Look below. Copy each line that has "temos" in it.

============================================================

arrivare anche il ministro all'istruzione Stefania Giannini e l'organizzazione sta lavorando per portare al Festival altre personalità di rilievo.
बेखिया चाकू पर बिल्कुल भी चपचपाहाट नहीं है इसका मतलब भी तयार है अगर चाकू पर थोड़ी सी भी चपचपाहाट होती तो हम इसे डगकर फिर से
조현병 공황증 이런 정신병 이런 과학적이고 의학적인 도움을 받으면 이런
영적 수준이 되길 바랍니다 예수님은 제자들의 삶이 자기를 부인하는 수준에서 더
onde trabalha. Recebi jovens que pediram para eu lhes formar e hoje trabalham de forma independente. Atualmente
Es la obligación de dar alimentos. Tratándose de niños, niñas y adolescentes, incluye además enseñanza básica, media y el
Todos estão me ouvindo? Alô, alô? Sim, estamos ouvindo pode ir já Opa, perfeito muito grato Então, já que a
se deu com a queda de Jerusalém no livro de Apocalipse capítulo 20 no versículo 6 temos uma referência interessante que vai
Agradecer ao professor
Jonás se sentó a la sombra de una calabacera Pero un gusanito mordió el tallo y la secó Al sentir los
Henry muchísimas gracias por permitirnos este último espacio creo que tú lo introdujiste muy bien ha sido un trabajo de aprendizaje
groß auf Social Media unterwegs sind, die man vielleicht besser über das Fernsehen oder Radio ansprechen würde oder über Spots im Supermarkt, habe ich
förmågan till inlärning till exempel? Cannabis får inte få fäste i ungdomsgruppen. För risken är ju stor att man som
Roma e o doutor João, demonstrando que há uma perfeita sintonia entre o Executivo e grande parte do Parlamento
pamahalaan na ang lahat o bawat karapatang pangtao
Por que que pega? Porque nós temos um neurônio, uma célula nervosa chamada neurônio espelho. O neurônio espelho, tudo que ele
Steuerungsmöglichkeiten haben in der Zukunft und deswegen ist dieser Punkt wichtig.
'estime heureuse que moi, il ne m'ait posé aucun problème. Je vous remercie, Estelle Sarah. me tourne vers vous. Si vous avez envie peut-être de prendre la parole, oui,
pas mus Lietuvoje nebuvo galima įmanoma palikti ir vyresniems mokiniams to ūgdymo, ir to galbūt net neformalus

============================================================

Task output:
se deu com a queda de Jerusalém no livro de Apocalipse capítulo 20 no versículo 6 temos uma referência interessante que vai
Por que que pega? Porque nós temos um neurônio, uma célula nervosa chamada neurônio espelho. O neurônio espelho, tudo que ele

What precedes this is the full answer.